Pes etmek yoktu ve daha sonra Gebze’nin ilçesi olan Darıca’yı yine sabahtan akşama kadar yürüyerek tüm kurumlarını gezdim ama yine sonuç aynıydı. Ayaklarıma kara sular inmişti. 3 yıl evvelinden teşhis konulan ve ameliyat gerektiren ciddi bir menüsküs vardı ayağımda.

DÖRT AY ÖNCE EŞİM TUTUKLANDI, 4 YAŞINDAKİ KIZIMLA BİRLİKTE HAPİSTE

Tam 1 yıl olmuştu ki bu sefer eşim Filiz Olgun’u tutukladılar. Mayıs 2019’da… Gebze kadın kapalı Cezaevinde kalıyor. Hayat mücadelesini 3 yıldır alnım ak, başım dik ve yılmadan, pes etmeden sürdüren bana bu imtihan çok ağır geldi. 4 ve 6 yaşlarında Yavuz ve İpek adında iki çocuğumuz var. Kızım İpek şu an annesinin yanında. Ayda 15-20 gün arasında annesiyle birlikte kalıyor. Yavuz 6 yaşına girdiği için annesinin yanına gidemiyor, neden gidemiyorum diye üzülüyor. Annesi gitti, kardeşi gitti, benim de onu bırakıp gideceğimden korkuyor. Psikolojisi bozuldu. Çocukların anneyi özlemeleri ve ağlamaları ve anneyi istemeleri karşısında çok zorlandım. Hatta onlar ağladıkça ben de ağladım. Çocuklar daha küçükler ve anneye ihtiyaçları var.

HIÇKIRA HIÇKIRA AĞLIYOR

Düşünün 4 yaşındaki kızım İpek, ben akşam mutfakta yemek hazırlamaya çalışırken arkamdan geliyor ve ‘babaaaa’ diyor. Ben de ‘Efendim kızım diyorum’ , ‘Babaaa ben annemi…’ derken hıçkıra hıçkıra ağlamaya başlıyor ve cümlesini tamamlayamıyor bana sarılıp cümlesinin geri kalan kısmını ‘…çok özledim’ diyerek ancak tamamlayabiliyor ve hıçkırıkları durmuyor. Ama nasıl bir ağlama, yok böyle bir şey. Gece onları yatırıyorum. Oğlum Yavuz bir anda yüzü değişmeye, ağzı yumuşamaya başlıyor ve başlıyor ağlamaya ‘Ben annemi özledim’ diye dökülüyor ağzından, gel de dayan.

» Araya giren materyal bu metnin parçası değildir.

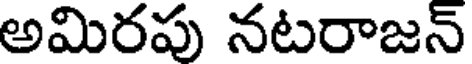
అమిరపు నటరాజన్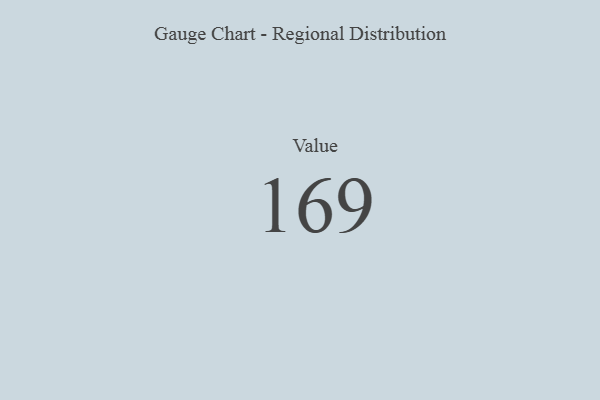
{"axis": {"x": "Metric", "y": "Value"}, "legend": [""], "data": [{"x": "Value", "y": 169, "type": ""}]}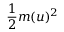
\frac { 1 } { 2 } m ( u ) ^ { 2 }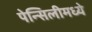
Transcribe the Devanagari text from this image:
पेन्सिलीमध्ये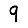
Digit: 9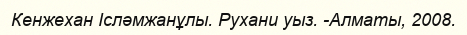
Кенжехан Ісләмжанұлы. Рухани уыз. -Алматы, 2008.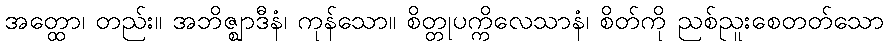
အတ္ထော၊ တည်း။ အဘိဇ္ဈာဒီနံ၊ ကုန်သော။ စိတ္တုပက္ကိလေသာနံ၊ စိတ်ကို ညစ်ညူးစေတတ်သော
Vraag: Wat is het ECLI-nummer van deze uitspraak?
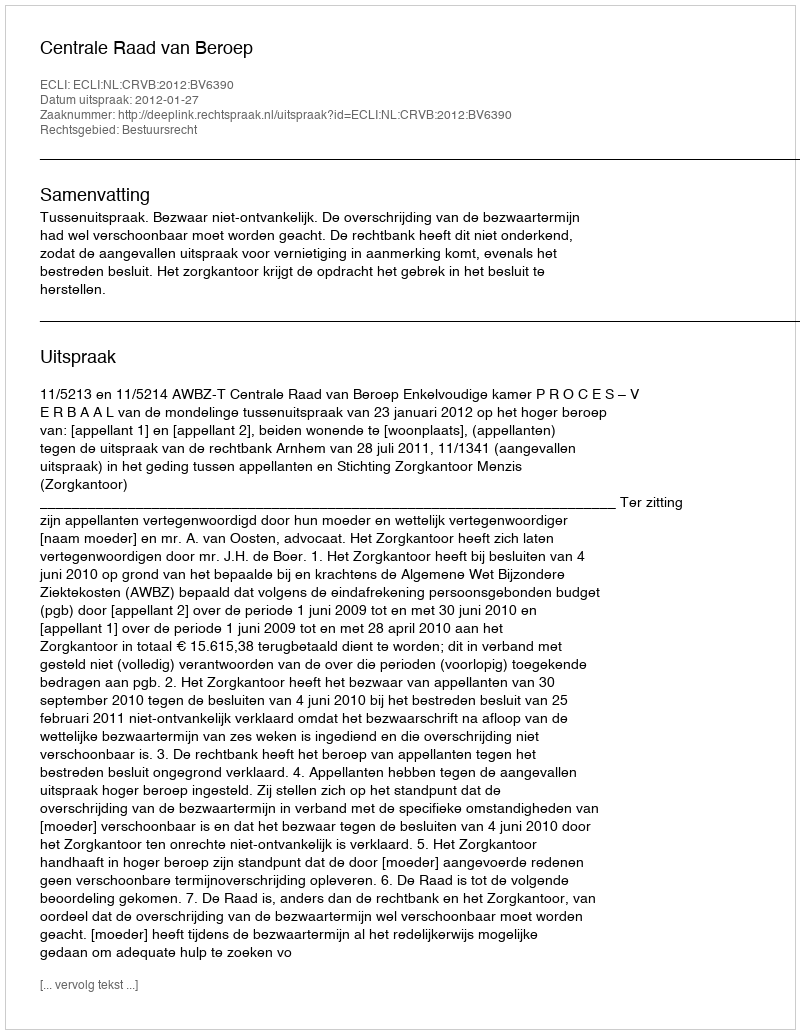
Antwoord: ECLI:NL:CRVB:2012:BV6390

BİR YUMURTA DA ANNESİ İÇİN ALIYOR

Sabah kahvaltı hazırlıyorum, 3 yumurta alıyorum dolaptan. Bakıyorum ki 1 yumurta da İpek alıyor. ‘Kızım onu kime alıyorsun’ diyorum, bana verdiği cevap kurşun gibi: Anneme alıyorum. Sonrası daha kötü, çünkü annesinin olmadığını hatırlayınca yüzü ve gözleri düşüyor ve yumurtayı geri koyuyor. Gece uykularında her iki çocuğumun da rüyalarında defalarca kez “Anneee” diye hıçkıra hıçkıra ağlamalarına şahit oldum ve uyandırmaya çalıştığımda uyandıramadım inanır mısınız, kopmuyor rüyadan, hıçkıra hıçkıra ağlıyor ve sonunda uyandırıyorum. Daha enteresanı evde annelerinin sesini duyuyorlar ve koşa koşa evin odalarını arıyorlar, bana inanmıyorlar. Daha enteresanı kızım İpek gördüğünü dahi söylüyor. Gel de dayan.”

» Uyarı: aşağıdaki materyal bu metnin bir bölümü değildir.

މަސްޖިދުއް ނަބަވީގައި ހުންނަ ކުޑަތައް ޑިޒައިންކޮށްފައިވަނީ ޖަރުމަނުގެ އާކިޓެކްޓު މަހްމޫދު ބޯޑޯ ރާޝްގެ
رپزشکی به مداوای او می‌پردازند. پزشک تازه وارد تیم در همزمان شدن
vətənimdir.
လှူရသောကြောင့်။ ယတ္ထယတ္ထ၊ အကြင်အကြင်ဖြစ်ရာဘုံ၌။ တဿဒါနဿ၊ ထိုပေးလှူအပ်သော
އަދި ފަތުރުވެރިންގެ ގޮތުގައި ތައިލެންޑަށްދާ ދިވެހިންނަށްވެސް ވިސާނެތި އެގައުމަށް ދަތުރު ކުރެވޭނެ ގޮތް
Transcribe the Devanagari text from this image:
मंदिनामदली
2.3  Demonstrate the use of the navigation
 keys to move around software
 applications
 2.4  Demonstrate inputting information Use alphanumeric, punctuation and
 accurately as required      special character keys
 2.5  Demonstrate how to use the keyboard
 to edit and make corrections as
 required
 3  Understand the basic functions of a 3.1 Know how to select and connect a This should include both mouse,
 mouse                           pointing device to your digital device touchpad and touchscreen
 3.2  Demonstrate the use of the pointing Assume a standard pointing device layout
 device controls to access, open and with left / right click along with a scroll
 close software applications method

Zaten iş yoktu ve dolayısıyla bu mutfağı da etkiliyordu ve şimdi de eş yok. Bir taraftan iş arıyor diğer taraftan eşimin işleriyle ilgileniyorum. Çocukların yeme-içme işleri, ev temizliği, çamaşır-bulaşık, çocukların giyimi, kira ücreti, faturalar vesaire hepsiyle ilgilenmeye çalışıyorum. Artık uyku saatlerim değişti, düşünmekten uyuyamıyorum, sabah namazına kadar yatamıyorum. Eşimin tutuklanması ile tamamen kilitlenmiş durumdayım. İş aramaya gidemiyorum, iş bulsam işe nasıl gideceğim. Çocukları bırakacak kimsemiz yok. Yavuz daha anaokuluna gidemeden ilkokul 1. sınıfa başladı. Borç alıp borç ödüyorum.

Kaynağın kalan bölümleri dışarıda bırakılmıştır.